Contractual interpretation in context

Hundley v. Garnier, 2012 BCCA 199 is a useful decision dealing with use for context in interpretation of instruments:

[55]           The importance of considering surrounding circumstances is long-standing. The leading case in this area is Prenn v. Simmonds, [1971] 3 All E.R. 237 (H.L.). Lord Wilberforce, whose opinion was endorsed unanimously, stated in a well-known passage at 239j – 240a:

The time has long passed when agreements, even those under seal, were isolated from the matrix of facts in which they were set and interpreted purely on internal linguistic considerations. … We must … enquire beyond the language and see what the circumstances were with reference to which the words were used, and the object appearing from those circumstances, which the person using them had in view. … [E]vidence of mutually known facts may be admitted to identify the meaning of a descriptive term.

[56]           In Jacobsen et al v. Bergman et al, 2002 BCCA 102 (CanLII), 2002 BCCA 102, 163 B.C.A.C. 266 (applied in Hanna Collision Repair (1984) Ltd. v. Insurance Corporation of British Columbia, 2010 BCCA 490 (CanLII), 2010 BCCA 490, 10 B.C.L.R. (4th) 312 at paras. 58–59), Lambert J.A. canvassed "well-understood" principles of contractual interpretation and likened them to those underlying statutory interpretation, stating at paras. 3-6:

The applicable principles may be stated in this way. It is not sufficient in interpreting a clause in an agreement to look only at the wording of the clause in order to decide on its meaning and application; instead the clause must be examined in its place in the agreement as a whole. Further, the agreement as a whole, and the clause in particular, must be examined in the context of the factual matrix which gave rise to the agreement and against which the agreement and the clause were intended to operate.

Just as in statutory interpretation, so also in contract interpretation. The fact that the section or clause seems to have a plain enough meaning when viewed in isolation does not preclude, but indeed requires, an examination of the whole text of the statute or agreement, and a consideration of the section or clause in their place in the whole text and in the factual matrix in which they were intended to operate. That process is required in every case of interpretation of either a statute or an agreement.

Of course the process I have described does not detract in any measure from the importance of the words chosen to express the mutual intention of the parties. It merely underlines the view that it is the mutual intention of the party that is being sought and not simply the lexical possibilities inherent in the words chosen to express that mutual intention, perhaps by a third party advisor.

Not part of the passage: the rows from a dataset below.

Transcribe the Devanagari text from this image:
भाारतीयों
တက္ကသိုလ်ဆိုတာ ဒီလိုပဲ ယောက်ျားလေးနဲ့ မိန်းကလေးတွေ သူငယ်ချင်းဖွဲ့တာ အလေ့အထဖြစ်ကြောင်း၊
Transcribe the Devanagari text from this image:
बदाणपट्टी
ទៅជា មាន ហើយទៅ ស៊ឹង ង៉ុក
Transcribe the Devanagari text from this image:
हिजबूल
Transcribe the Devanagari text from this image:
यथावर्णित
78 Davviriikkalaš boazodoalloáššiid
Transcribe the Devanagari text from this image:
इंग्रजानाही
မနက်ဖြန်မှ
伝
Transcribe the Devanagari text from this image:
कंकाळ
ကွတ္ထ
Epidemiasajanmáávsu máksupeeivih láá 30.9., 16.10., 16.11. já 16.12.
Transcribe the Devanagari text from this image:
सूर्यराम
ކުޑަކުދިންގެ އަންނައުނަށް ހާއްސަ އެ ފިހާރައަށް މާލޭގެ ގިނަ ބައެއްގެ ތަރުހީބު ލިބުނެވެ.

It must always be borne in mind that the function of an interpreting court is to give effect to the mutual intention of the parties and not to create an agreement or an obligation that the parties did not intend, merely because they might well have intended it.

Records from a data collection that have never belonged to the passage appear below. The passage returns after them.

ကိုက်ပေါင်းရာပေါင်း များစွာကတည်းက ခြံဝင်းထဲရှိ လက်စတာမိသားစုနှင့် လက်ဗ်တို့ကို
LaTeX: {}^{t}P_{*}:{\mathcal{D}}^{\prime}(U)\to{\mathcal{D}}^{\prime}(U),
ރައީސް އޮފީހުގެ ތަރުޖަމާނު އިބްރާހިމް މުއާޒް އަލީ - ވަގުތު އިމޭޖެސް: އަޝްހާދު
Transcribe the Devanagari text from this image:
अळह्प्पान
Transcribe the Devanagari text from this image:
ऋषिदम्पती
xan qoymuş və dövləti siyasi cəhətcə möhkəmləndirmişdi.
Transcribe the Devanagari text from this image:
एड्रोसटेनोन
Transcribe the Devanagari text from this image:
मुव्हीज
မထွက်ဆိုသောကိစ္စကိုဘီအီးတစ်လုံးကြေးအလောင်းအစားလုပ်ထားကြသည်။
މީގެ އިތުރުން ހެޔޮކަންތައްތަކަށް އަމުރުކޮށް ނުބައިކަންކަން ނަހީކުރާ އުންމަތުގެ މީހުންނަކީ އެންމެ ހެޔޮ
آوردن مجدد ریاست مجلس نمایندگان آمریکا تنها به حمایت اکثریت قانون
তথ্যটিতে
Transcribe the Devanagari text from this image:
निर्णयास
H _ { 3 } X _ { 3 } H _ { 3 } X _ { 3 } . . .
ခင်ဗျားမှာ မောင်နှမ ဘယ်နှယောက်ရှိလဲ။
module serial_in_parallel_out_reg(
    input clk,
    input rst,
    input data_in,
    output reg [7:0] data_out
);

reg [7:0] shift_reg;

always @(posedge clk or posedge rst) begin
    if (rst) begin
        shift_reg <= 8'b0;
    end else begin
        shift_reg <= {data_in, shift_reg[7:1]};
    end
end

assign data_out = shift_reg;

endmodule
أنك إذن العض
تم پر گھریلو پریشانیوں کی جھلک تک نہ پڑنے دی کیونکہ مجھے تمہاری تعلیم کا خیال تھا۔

[57]           In Perrin v. Shortreed Joint Venture Ltd., 2009 BCCA 478 (CanLII), 2009 BCCA 478, 277 B.C.A.C. 244 at para. 25, Madam Justice D. Smith made observations consonant with those of Lambert J.A. in Jacobsen:

The factual matrix of a contract is also material to a correct interpretation of its provisions. It is important to ensure that the plain and ordinary meaning of a contract's language is not excluded by the context in which it was made. …

[58]           In Reardon Smith Line Ltd. v. Hansen-Tangen, [1976] 3 All E.R. 570 (H.L.), Lord Wilberforce reiterated the opinion he had expressed in Prenn and offered, at 574c, his view as to what the factual matrix might include:

No contracts are made in a vacuum: there is always a setting in which they have to be placed. The nature of what is legitimate to have regard to is usually described as 'the surrounding circumstances' but this phrase is imprecise: it can be illustrated but hardly defined. In a commercial contract it is certainly right that the court should know the commercial purpose of the contract and this in turn presupposes knowledge of the genesis of the transaction, the background, the context, the market in which the parties are operating.

[59]           Similarly, in Glaswegian Enterprises Inc. v. BC Tel Mobility Cellular Inc. 1997 CanLII 4085 (BC CA), (1997), 101 B.C.A.C. 62, 49 B.C.L.R. (3d) 317, Lambert J.A. explained what constitutes the factual matrix giving rise to contract formation at para. 18:

… The factual matrix is the background of relevant facts that the parties must clearly have been taken to have known and to have had in mind when they composed the written text of their agreement. It can throw light on what the parties must have meant by the words they chose to express their intention. …

[60]           Madam Justice Smith also gave effect to this point at para. 23 in Perrin:

… In the absence of any ambiguity in the words of an agreement, the intention of the parties is to be determined objectively by attributing a meaning to the words that would be conveyed to "a reasonable person having all the background knowledge which would reasonably have been available to the parties in the situation in which they were at the time of the contract": Investor's Compensation Scheme Ltd. v. West Bromwhich Building Society, [1998] 1 All E.R. 98 at 114 (H.L.).